### Task objective
Retype the material below exactly, from its first line through the line with "-0.707 -0.707 696.627"; the pictures stay out.

━━━━━━━━━━

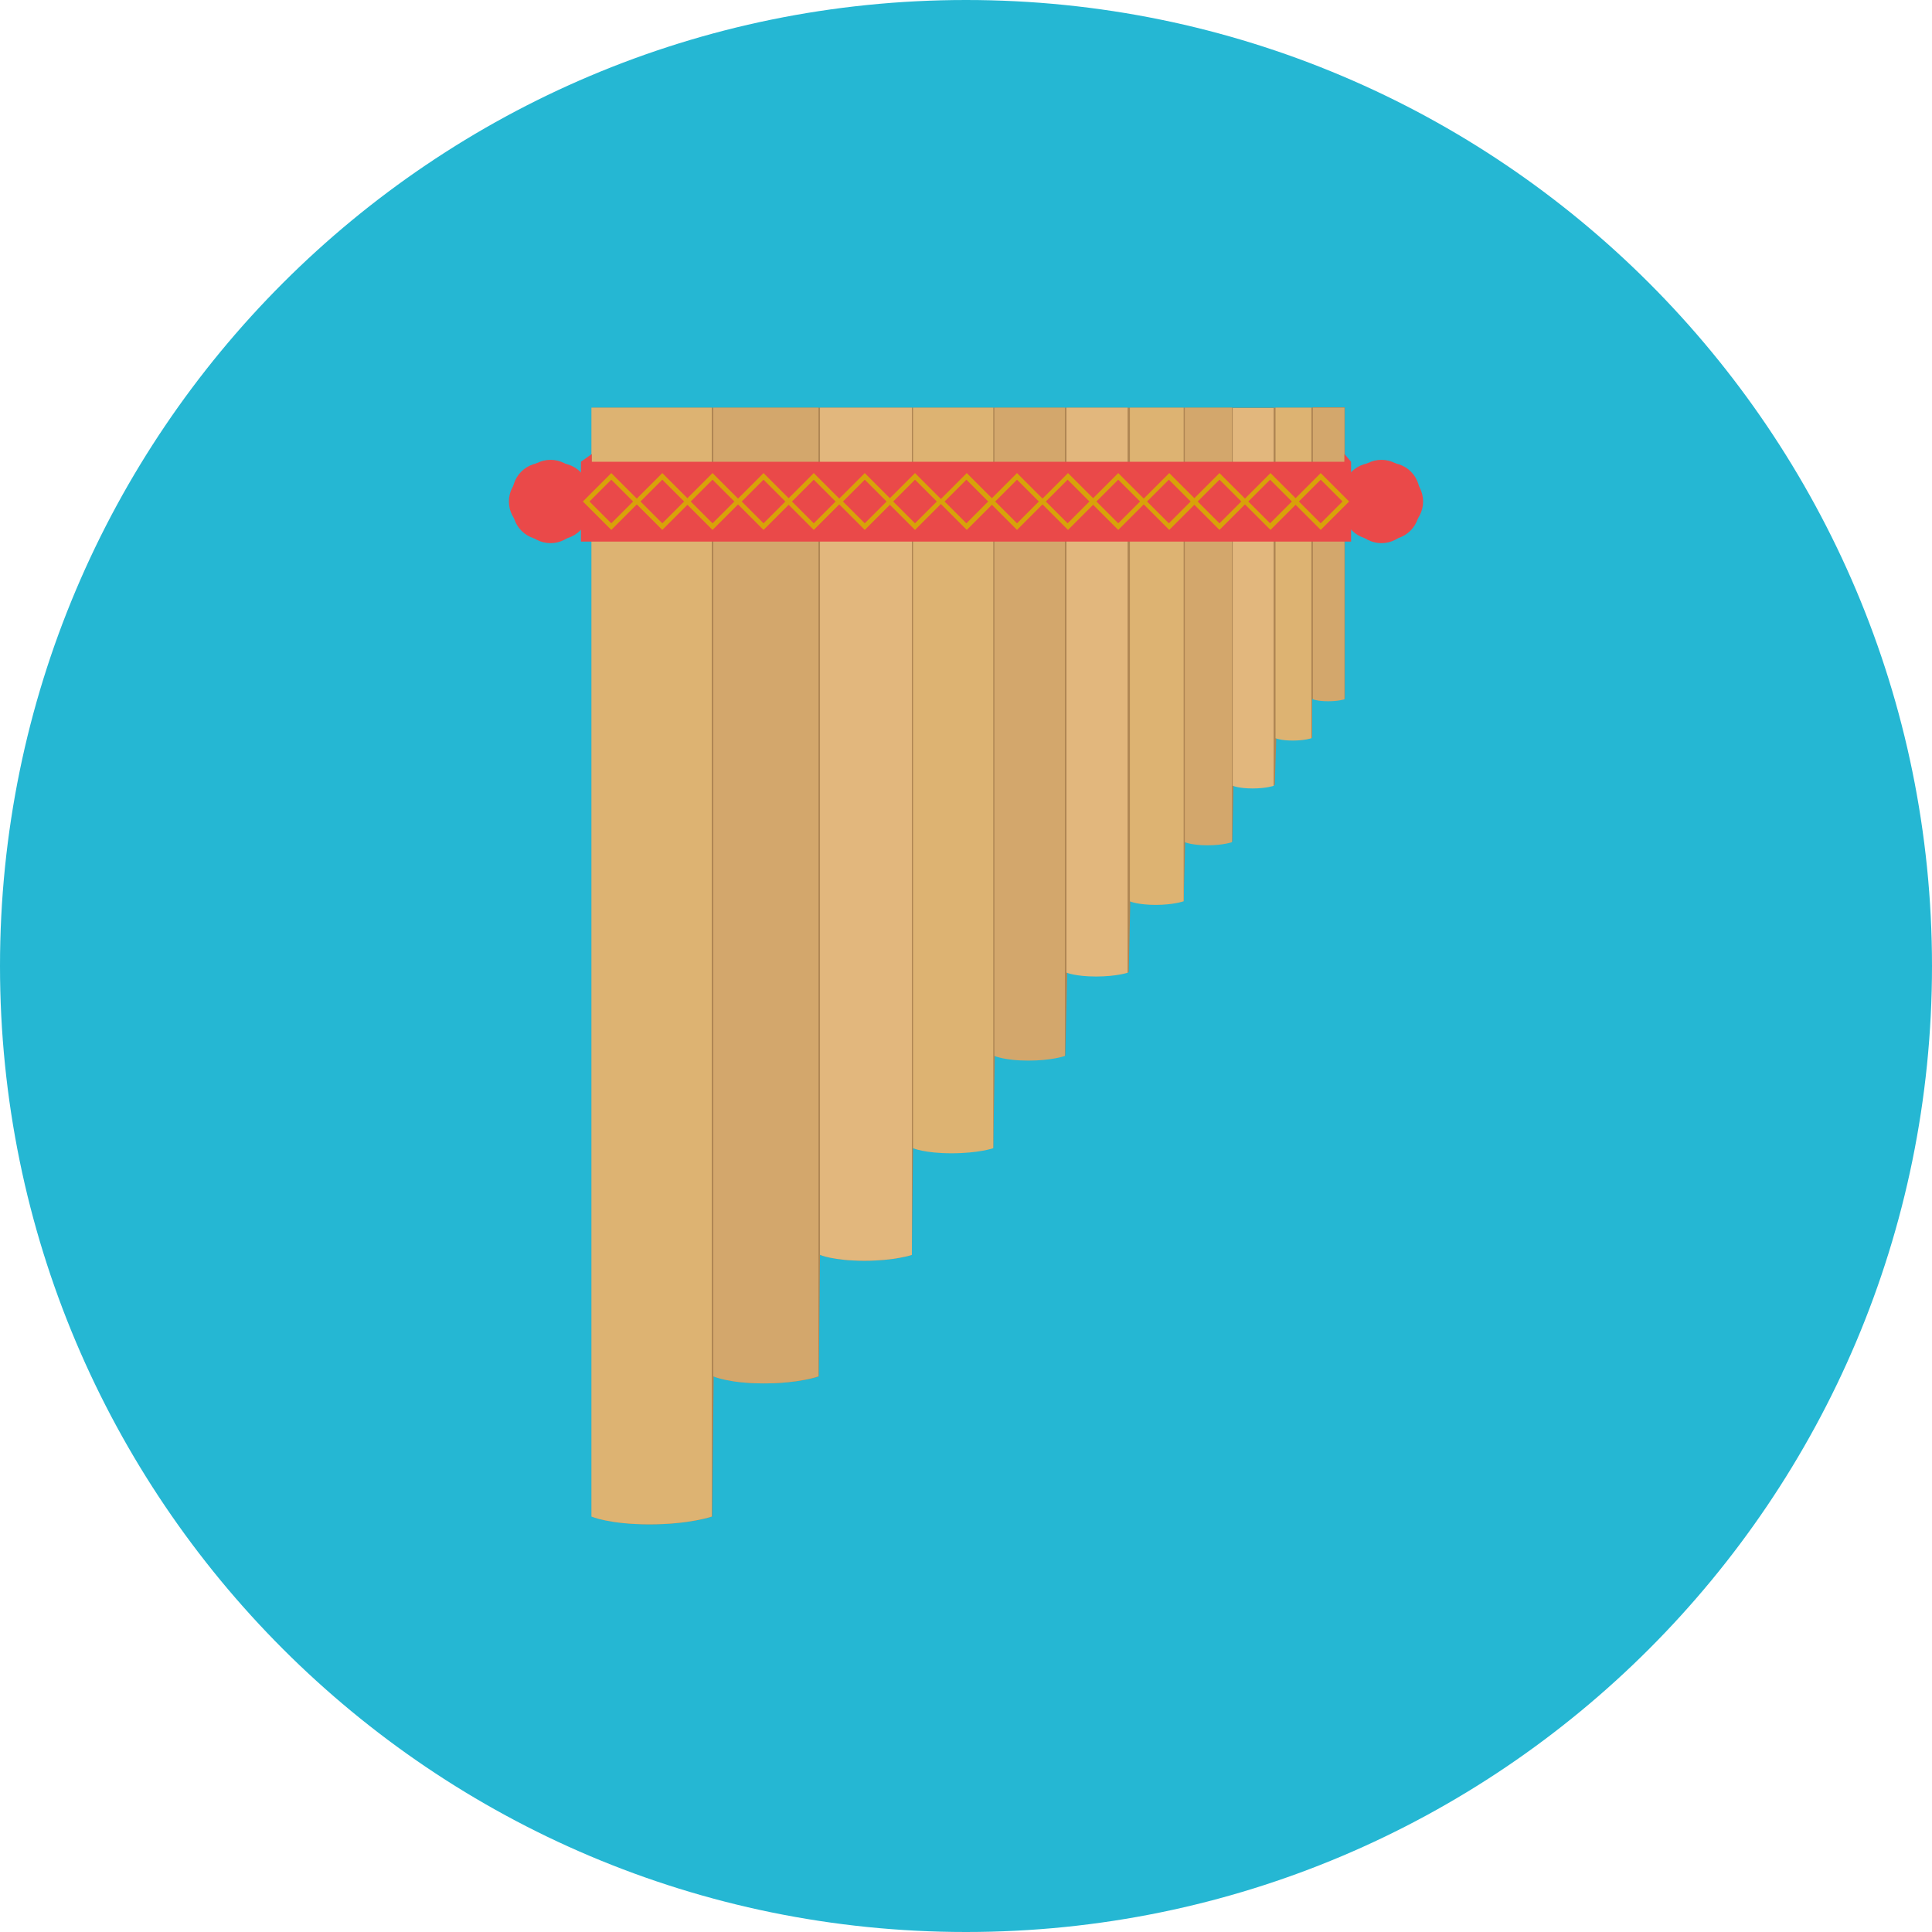 <?xml version="1.0" encoding="iso-8859-1"?>
<!-- Uploaded to: SVG Repo, www.svgrepo.com, Generator: SVG Repo Mixer Tools -->
<svg height="800px" width="800px" version="1.1" id="Layer_1" xmlns="http://www.w3.org/2000/svg" xmlns:xlink="http://www.w3.org/1999/xlink" 
	 viewBox="0 0 496.2 496.2" xml:space="preserve">
<path style="fill:#25B7D3;" d="M496.2,248.1C496.2,111.1,385.1,0,248.1,0S0,111.1,0,248.1s111.1,248.1,248.1,248.1
	S496.2,385.1,496.2,248.1z"/>
<path style="fill:#AF8654;" d="M337.1,104.7h-0.3h-9.2h-0.4h-10.5h-0.3h-12.1h-0.4h-13.8h-0.4H274h-0.5h-18.1h-0.3h-20.6h-0.3h-23.6
	h-0.3h-27h-0.4H152v74.9v209.9c0,0,4.6,2,14.9,2s16-2,16-2l0.4-36c0,0,4,1.8,13,1.8s14-1.8,14-1.8l0.3-31.2c0,0,3.5,1.5,11.4,1.5
	s12.2-1.5,12.2-1.5l0.3-27.5c0,0,3.1,1.3,9.9,1.3c6.9,0,10.7-1.3,10.7-1.3l0.4-23.7c0,0,2.7,1.2,8.7,1.2s9.4-1.2,9.4-1.2l0.5-21.4
	c0,0,2.3,1,7.6,1s8.2-1,8.2-1l0.4-18.3c0,0,2,0.9,6.6,0.9s7.1-0.9,7.1-0.9l0.4-15.3c0,0,1.8,0.8,5.8,0.8s6.3-0.8,6.3-0.8l0.3-14.5
	c0,0,1.6,0.7,5.1,0.7s5.5-0.7,5.5-0.7l0.4-12.1c0,0,1.4,0.6,4.4,0.6s4.8-0.6,4.8-0.6v-10h0.3c0,0,1.2,0.5,3.9,0.5
	c2.7,0,4.2-0.5,4.2-0.5v-74.9h-8.3V104.7z"/>
<g>
	<ellipse style="fill:#EA4949;" cx="354.8" cy="128.8" rx="9" ry="10.7"/>
	<ellipse style="fill:#EA4949;" cx="354.8" cy="128.8" rx="10.7" ry="9"/>
	
		<ellipse transform="matrix(0.707 0.707 -0.707 0.707 194.951 -213.104)" style="fill:#EA4949;" cx="354.714" cy="128.775" rx="10.7" ry="9"/>
	
		<ellipse transform="matrix(-0.707 0.707 -0.707 -0.707 696.627 -31.104)" style="fill:#EA4949;" cx="354.755" cy="128.724" rx="10.7" ry="9"/>
	<ellipse style="fill:#EA4949;" cx="141.4" cy="128.8" rx="9" ry="10.7"/>
	<ellipse style="fill:#EA4949;" cx="141.4" cy="128.8" rx="10.7" ry="9"/>
	
		<ellipse transform="matrix(0.707 0.707 -0.707 0.707 132.448 -62.319)" style="fill:#EA4949;" cx="141.449" cy="128.719" rx="10.7" ry="9"/>
	
		<ellipse transform="matrix(-0.707 0.707 -0.707 -0.707 332.6 119.791)" style="fill:#EA4949;" cx="141.491" cy="128.779" rx="10.7" ry="9"/>
</g>
<path style="fill:#DDB372;" d="M182.8,389.5c0,0-5.7,2-16,2s-14.9-2-14.9-2V104.7h30.9V389.5z"/>
<path style="fill:#D3A76C;" d="M210.2,353.5c0,0-5,1.8-14,1.8s-13-1.8-13-1.8V104.7h27V353.5z"/>
<path style="fill:#E2B77D;" d="M234.2,322.3c0,0-4.4,1.5-12.2,1.5c-7.9,0-11.4-1.5-11.4-1.5V104.7h23.6L234.2,322.3L234.2,322.3z"/>
<path style="fill:#DDB372;" d="M255.1,294.9c0,0-3.8,1.3-10.7,1.3c-6.9,0-9.9-1.3-9.9-1.3V104.7h20.6V294.9z"/>
<path style="fill:#D3A76C;" d="M273.5,271.2c0,0-3.3,1.2-9.4,1.2c-6,0-8.7-1.2-8.7-1.2V104.7h18.1V271.2z"/>
<path style="fill:#E2B77D;" d="M289.7,249.8c0,0-2.9,1-8.2,1s-7.6-1-7.6-1V104.7h15.7v145.1H289.7z"/>
<path style="fill:#DDB372;" d="M303.9,231.5c0,0-2.5,0.9-7.1,0.9s-6.6-0.9-6.6-0.9V104.7H304v126.8H303.9z"/>
<path style="fill:#D3A76C;" d="M316.4,216.3c0,0-2.2,0.8-6.3,0.8c-4,0-5.8-0.8-5.8-0.8V104.7h12.1L316.4,216.3L316.4,216.3z"/>
<path style="fill:#E2B77D;" d="M327.2,201.8c0,0-1.9,0.7-5.5,0.7s-5.1-0.7-5.1-0.7v-97h10.5v97H327.2z"/>
<path style="fill:#DDB372;" d="M336.8,189.6c0,0-1.7,0.6-4.8,0.6s-4.4-0.6-4.4-0.6v-84.9h9.2L336.8,189.6L336.8,189.6z"/>
<path style="fill:#D3A76C;" d="M345.3,179.6c0,0-1.5,0.5-4.2,0.5s-3.9-0.5-3.9-0.5v-74.9h8.1V179.6z"/>
<polygon style="fill:#EA4949;" points="347,139.1 149.2,139.1 149.2,118.6 152,116.6 152,118.6 345.3,118.6 345.3,116.6 347,118.6 
	"/>
<g>
	<path style="fill:#D8A209;" d="M157,136.1l-7.3-7.3l7.3-7.3l7.3,7.3L157,136.1z M151.4,128.8l5.6,5.6l5.6-5.6l-5.6-5.6L151.4,128.8
		z"/>
	<path style="fill:#D8A209;" d="M170.1,136.1l-7.3-7.3l7.3-7.3l7.3,7.3L170.1,136.1z M164.5,128.8l5.6,5.6l5.6-5.6l-5.6-5.6
		L164.5,128.8z"/>
	<path style="fill:#D8A209;" d="M183,136.1l-7.3-7.3l7.3-7.3l7.3,7.3L183,136.1z M177.4,128.8l5.6,5.6l5.6-5.6l-5.6-5.6L177.4,128.8
		z"/>
	<path style="fill:#D8A209;" d="M196.1,136.1l-7.3-7.3l7.3-7.3l7.3,7.3L196.1,136.1z M190.5,128.8l5.6,5.6l5.6-5.6l-5.6-5.6
		L190.5,128.8z"/>
	<path style="fill:#D8A209;" d="M209,136.1l-7.3-7.3l7.3-7.3l7.3,7.3L209,136.1z M203.4,128.8l5.6,5.6l5.6-5.6l-5.6-5.6L203.4,128.8
		z"/>
	<path style="fill:#D8A209;" d="M222.1,136.1l-7.3-7.3l7.3-7.3l7.3,7.3L222.1,136.1z M216.5,128.8l5.6,5.6l5.6-5.6l-5.6-5.6
		L216.5,128.8z"/>
	<path style="fill:#D8A209;" d="M235,136.1l-7.3-7.3l7.3-7.3l7.3,7.3L235,136.1z M229.4,128.8l5.6,5.6l5.6-5.6l-5.6-5.6L229.4,128.8
		z"/>
	<path style="fill:#D8A209;" d="M248.3,136.1l-7.3-7.3l7.3-7.3l7.3,7.3L248.3,136.1z M242.6,128.8l5.6,5.6l5.6-5.6l-5.6-5.6
		L242.6,128.8z"/>
	<path style="fill:#D8A209;" d="M261.2,136.1l-7.3-7.3l7.3-7.3l7.3,7.3L261.2,136.1z M255.6,128.8l5.6,5.6l5.6-5.6l-5.6-5.6
		L255.6,128.8z"/>
	<path style="fill:#D8A209;" d="M274.3,136.1l-7.3-7.3l7.3-7.3l7.3,7.3L274.3,136.1z M268.6,128.8l5.6,5.6l5.6-5.6l-5.6-5.6
		L268.6,128.8z"/>
	<path style="fill:#D8A209;" d="M287.2,136.1l-7.3-7.3l7.3-7.3l7.3,7.3L287.2,136.1z M281.6,128.8l5.6,5.6l5.6-5.6l-5.6-5.6
		L281.6,128.8z"/>
	<path style="fill:#D8A209;" d="M300.3,136.1l-7.3-7.3l7.3-7.3l7.3,7.3L300.3,136.1z M294.6,128.8l5.6,5.6l5.6-5.6l-5.6-5.6
		L294.6,128.8z"/>
	<path style="fill:#D8A209;" d="M313.2,136.1l-7.3-7.3l7.3-7.3l7.3,7.3L313.2,136.1z M307.6,128.8l5.6,5.6l5.6-5.6l-5.6-5.6
		L307.6,128.8z"/>
	<path style="fill:#D8A209;" d="M326.3,136.1l-7.3-7.3l7.3-7.3l7.3,7.3L326.3,136.1z M320.6,128.8l5.6,5.6l5.6-5.6l-5.6-5.6
		L320.6,128.8z"/>
	<path style="fill:#D8A209;" d="M339.2,136.1l-7.3-7.3l7.3-7.3l7.3,7.3L339.2,136.1z M333.6,128.8l5.6,5.6l5.6-5.6l-5.6-5.6
		L333.6,128.8z"/>
</g>
</svg>

━━━━━━━━━━

### Reply to the exercise
 <?xml version="1.0" encoding="iso-8859-1"?>
<!-- Uploaded to: SVG Repo, www.svgrepo.com, Generator: SVG Repo Mixer Tools -->
<svg height="800px" width="800px" version="1.1" id="Layer_1" xmlns="http://www.w3.org/2000/svg" xmlns:xlink="http://www.w3.org/1999/xlink" 
	 viewBox="0 0 496.2 496.2" xml:space="preserve">
<path style="fill:#25B7D3;" d="M496.2,248.1C496.2,111.1,385.1,0,248.1,0S0,111.1,0,248.1s111.1,248.1,248.1,248.1
	S496.2,385.1,496.2,248.1z"/>
<path style="fill:#AF8654;" d="M337.1,104.7h-0.3h-9.2h-0.4h-10.5h-0.3h-12.1h-0.4h-13.8h-0.4H274h-0.5h-18.1h-0.3h-20.6h-0.3h-23.6
	h-0.3h-27h-0.4H152v74.9v209.9c0,0,4.6,2,14.9,2s16-2,16-2l0.4-36c0,0,4,1.8,13,1.8s14-1.8,14-1.8l0.3-31.2c0,0,3.5,1.5,11.4,1.5
	s12.2-1.5,12.2-1.5l0.3-27.5c0,0,3.1,1.3,9.9,1.3c6.9,0,10.7-1.3,10.7-1.3l0.4-23.7c0,0,2.7,1.2,8.7,1.2s9.4-1.2,9.4-1.2l0.5-21.4
	c0,0,2.3,1,7.6,1s8.2-1,8.2-1l0.4-18.3c0,0,2,0.9,6.6,0.9s7.1-0.9,7.1-0.9l0.4-15.3c0,0,1.8,0.8,5.8,0.8s6.3-0.8,6.3-0.8l0.3-14.5
	c0,0,1.6,0.7,5.1,0.7s5.5-0.7,5.5-0.7l0.4-12.1c0,0,1.4,0.6,4.4,0.6s4.8-0.6,4.8-0.6v-10h0.3c0,0,1.2,0.5,3.9,0.5
	c2.7,0,4.2-0.5,4.2-0.5v-74.9h-8.3V104.7z"/>
<g>
	<ellipse style="fill:#EA4949;" cx="354.8" cy="128.8" rx="9" ry="10.7"/>
	<ellipse style="fill:#EA4949;" cx="354.8" cy="128.8" rx="10.7" ry="9"/>
	
		<ellipse transform="matrix(0.707 0.707 -0.707 0.707 194.951 -213.104)" style="fill:#EA4949;" cx="354.714" cy="128.775" rx="10.7" ry="9"/>
	
		<ellipse transform="matrix(-0.707 0.707 -0.707 -0.707 696.627 -31.104)" style="fill:#EA4949;" cx="354.755" cy="128.724" rx="10.7" ry="9"/>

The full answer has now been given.